# Problem to work on
Every record below should be retyped exactly, and no picture should appear in the copy.

Records from a dataset:
↓

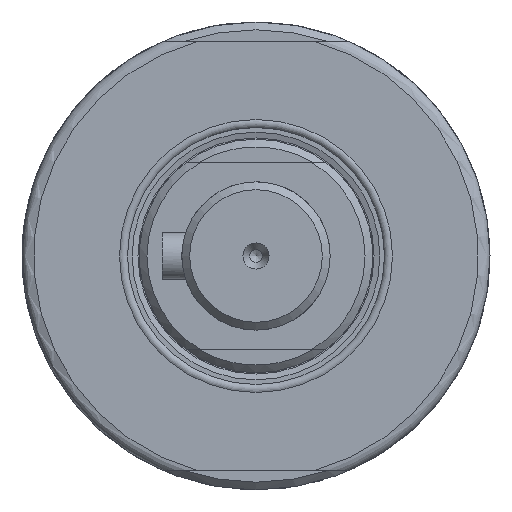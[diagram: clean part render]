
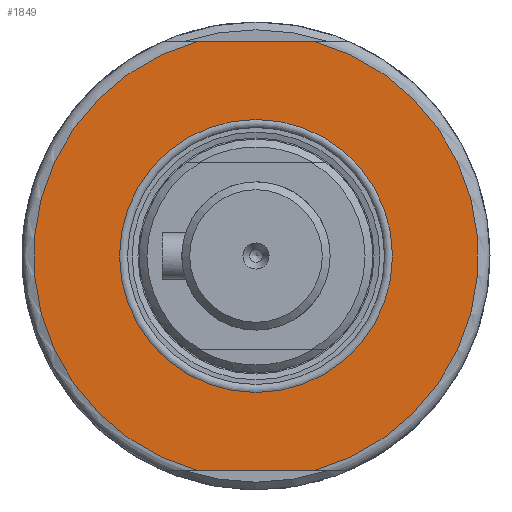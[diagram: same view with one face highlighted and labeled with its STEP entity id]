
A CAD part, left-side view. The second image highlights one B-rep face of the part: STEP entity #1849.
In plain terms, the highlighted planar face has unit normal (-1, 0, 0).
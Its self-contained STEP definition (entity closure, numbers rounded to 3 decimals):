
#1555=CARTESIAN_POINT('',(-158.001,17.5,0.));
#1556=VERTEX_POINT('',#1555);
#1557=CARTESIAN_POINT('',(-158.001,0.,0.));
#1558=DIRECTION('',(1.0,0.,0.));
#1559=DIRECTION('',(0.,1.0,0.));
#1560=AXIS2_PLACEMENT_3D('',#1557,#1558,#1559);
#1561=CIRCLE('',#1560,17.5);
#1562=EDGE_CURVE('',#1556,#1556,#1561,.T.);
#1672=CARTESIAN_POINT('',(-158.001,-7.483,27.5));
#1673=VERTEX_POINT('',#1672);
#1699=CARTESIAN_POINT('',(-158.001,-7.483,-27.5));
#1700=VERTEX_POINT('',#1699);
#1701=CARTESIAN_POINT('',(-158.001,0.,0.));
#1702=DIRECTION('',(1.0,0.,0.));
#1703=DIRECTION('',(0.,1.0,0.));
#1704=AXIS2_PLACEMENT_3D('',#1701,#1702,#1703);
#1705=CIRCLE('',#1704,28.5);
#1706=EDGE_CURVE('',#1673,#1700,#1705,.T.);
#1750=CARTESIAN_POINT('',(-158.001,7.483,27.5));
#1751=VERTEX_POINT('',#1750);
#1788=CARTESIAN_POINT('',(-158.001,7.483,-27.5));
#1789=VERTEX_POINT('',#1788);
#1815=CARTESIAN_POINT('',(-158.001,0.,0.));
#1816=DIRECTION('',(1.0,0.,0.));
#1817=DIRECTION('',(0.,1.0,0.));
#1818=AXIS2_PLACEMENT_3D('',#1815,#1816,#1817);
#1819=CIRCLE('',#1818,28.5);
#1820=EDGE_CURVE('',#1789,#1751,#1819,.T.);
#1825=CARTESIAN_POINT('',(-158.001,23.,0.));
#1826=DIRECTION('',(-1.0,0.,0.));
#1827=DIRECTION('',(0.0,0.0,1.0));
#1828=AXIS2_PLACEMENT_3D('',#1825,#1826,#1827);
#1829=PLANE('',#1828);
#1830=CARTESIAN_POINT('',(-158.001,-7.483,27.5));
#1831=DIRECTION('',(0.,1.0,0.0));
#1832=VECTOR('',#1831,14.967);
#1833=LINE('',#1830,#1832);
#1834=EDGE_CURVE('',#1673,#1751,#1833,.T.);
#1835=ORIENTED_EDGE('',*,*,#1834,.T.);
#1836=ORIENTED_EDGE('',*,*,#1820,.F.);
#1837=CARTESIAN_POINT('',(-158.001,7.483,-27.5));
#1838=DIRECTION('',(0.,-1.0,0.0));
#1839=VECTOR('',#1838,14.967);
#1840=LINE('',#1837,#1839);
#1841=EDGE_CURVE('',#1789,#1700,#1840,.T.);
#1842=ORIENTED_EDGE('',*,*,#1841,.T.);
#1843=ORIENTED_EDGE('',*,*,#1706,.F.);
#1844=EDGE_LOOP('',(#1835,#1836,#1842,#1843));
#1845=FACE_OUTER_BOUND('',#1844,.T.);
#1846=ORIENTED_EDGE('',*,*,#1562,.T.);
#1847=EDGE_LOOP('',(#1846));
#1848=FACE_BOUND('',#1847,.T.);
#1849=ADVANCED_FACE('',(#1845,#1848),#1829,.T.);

↑

# Result below
[diagram: clean part render]
[diagram: same view with one face highlighted and labeled with its STEP entity id]
A CAD part, left-side view. The second image highlights one B-rep face of the part: STEP entity #1849.
In plain terms, the highlighted planar face has unit normal (-1, 0, 0).
Its self-contained STEP definition (entity closure, numbers rounded to 3 decimals):
#1555=CARTESIAN_POINT('',(-158.001,17.5,0.));
#1556=VERTEX_POINT('',#1555);
#1557=CARTESIAN_POINT('',(-158.001,0.,0.));
#1558=DIRECTION('',(1.0,0.,0.));
#1559=DIRECTION('',(0.,1.0,0.));
#1560=AXIS2_PLACEMENT_3D('',#1557,#1558,#1559);
#1561=CIRCLE('',#1560,17.5);
#1562=EDGE_CURVE('',#1556,#1556,#1561,.T.);
#1672=CARTESIAN_POINT('',(-158.001,-7.483,27.5));
#1673=VERTEX_POINT('',#1672);
#1699=CARTESIAN_POINT('',(-158.001,-7.483,-27.5));
#1700=VERTEX_POINT('',#1699);
#1701=CARTESIAN_POINT('',(-158.001,0.,0.));
#1702=DIRECTION('',(1.0,0.,0.));
#1703=DIRECTION('',(0.,1.0,0.));
#1704=AXIS2_PLACEMENT_3D('',#1701,#1702,#1703);
#1705=CIRCLE('',#1704,28.5);
#1706=EDGE_CURVE('',#1673,#1700,#1705,.T.);
#1750=CARTESIAN_POINT('',(-158.001,7.483,27.5));
#1751=VERTEX_POINT('',#1750);
#1788=CARTESIAN_POINT('',(-158.001,7.483,-27.5));
#1789=VERTEX_POINT('',#1788);
#1815=CARTESIAN_POINT('',(-158.001,0.,0.));
#1816=DIRECTION('',(1.0,0.,0.));
#1817=DIRECTION('',(0.,1.0,0.));
#1818=AXIS2_PLACEMENT_3D('',#1815,#1816,#1817);
#1819=CIRCLE('',#1818,28.5);
#1820=EDGE_CURVE('',#1789,#1751,#1819,.T.);
#1825=CARTESIAN_POINT('',(-158.001,23.,0.));
#1826=DIRECTION('',(-1.0,0.,0.));
#1827=DIRECTION('',(0.0,0.0,1.0));
#1828=AXIS2_PLACEMENT_3D('',#1825,#1826,#1827);
#1829=PLANE('',#1828);
#1830=CARTESIAN_POINT('',(-158.001,-7.483,27.5));
#1831=DIRECTION('',(0.,1.0,0.0));
#1832=VECTOR('',#1831,14.967);
#1833=LINE('',#1830,#1832);
#1834=EDGE_CURVE('',#1673,#1751,#1833,.T.);
#1835=ORIENTED_EDGE('',*,*,#1834,.T.);
#1836=ORIENTED_EDGE('',*,*,#1820,.F.);
#1837=CARTESIAN_POINT('',(-158.001,7.483,-27.5));
#1838=DIRECTION('',(0.,-1.0,0.0));
#1839=VECTOR('',#1838,14.967);
#1840=LINE('',#1837,#1839);
#1841=EDGE_CURVE('',#1789,#1700,#1840,.T.);
#1842=ORIENTED_EDGE('',*,*,#1841,.T.);
#1843=ORIENTED_EDGE('',*,*,#1706,.F.);
#1844=EDGE_LOOP('',(#1835,#1836,#1842,#1843));
#1845=FACE_OUTER_BOUND('',#1844,.T.);
#1846=ORIENTED_EDGE('',*,*,#1562,.T.);
#1847=EDGE_LOOP('',(#1846));
#1848=FACE_BOUND('',#1847,.T.);
#1849=ADVANCED_FACE('',(#1845,#1848),#1829,.T.);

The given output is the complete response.